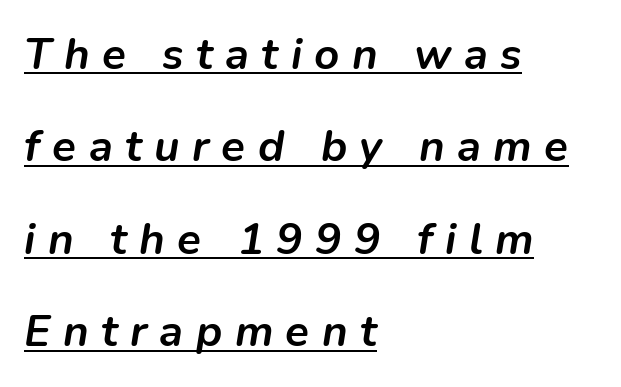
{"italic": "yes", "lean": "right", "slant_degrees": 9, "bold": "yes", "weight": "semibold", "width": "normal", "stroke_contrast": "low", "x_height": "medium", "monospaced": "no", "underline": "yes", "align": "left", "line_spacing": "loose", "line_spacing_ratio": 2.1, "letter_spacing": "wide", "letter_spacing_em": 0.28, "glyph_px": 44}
--
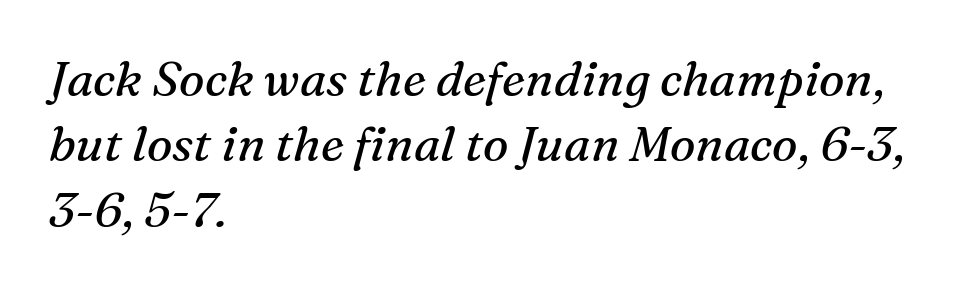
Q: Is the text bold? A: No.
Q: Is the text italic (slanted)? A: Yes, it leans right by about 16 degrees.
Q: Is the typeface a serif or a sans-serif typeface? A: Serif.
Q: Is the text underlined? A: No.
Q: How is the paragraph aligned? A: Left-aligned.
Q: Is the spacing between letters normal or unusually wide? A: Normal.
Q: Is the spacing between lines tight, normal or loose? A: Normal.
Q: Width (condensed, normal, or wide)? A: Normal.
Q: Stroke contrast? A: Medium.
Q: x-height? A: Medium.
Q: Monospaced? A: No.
...
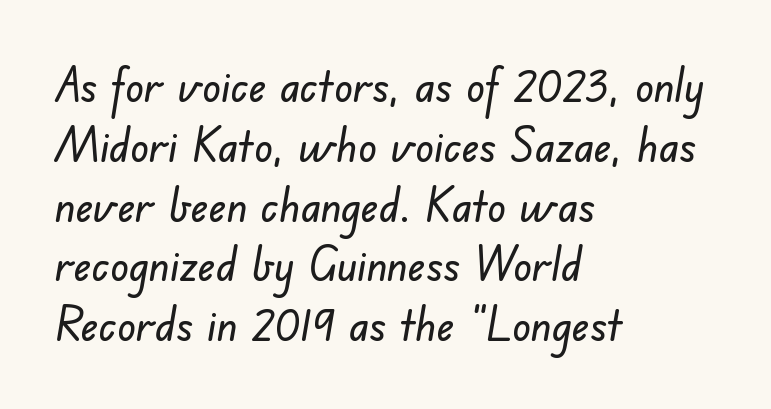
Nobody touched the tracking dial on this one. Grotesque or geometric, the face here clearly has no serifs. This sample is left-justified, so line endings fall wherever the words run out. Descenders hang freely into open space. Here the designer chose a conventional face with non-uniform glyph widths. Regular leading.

### WHAT NEEDS TO BE DONE
Set down exactly the lines of the data above, beginning with the line that has "Q: Is the spacing between letters" and ending with the line that has "Q: Monospaced? A: No.", and no others.

### RESPONSE
Q: Is the spacing between letters normal or unusually wide? A: Normal.
Q: Is the spacing between lines tight, normal or loose? A: Normal.
Q: Width (condensed, normal, or wide)? A: Normal.
Q: Stroke contrast? A: Medium.
Q: x-height? A: Medium.
Q: Monospaced? A: No.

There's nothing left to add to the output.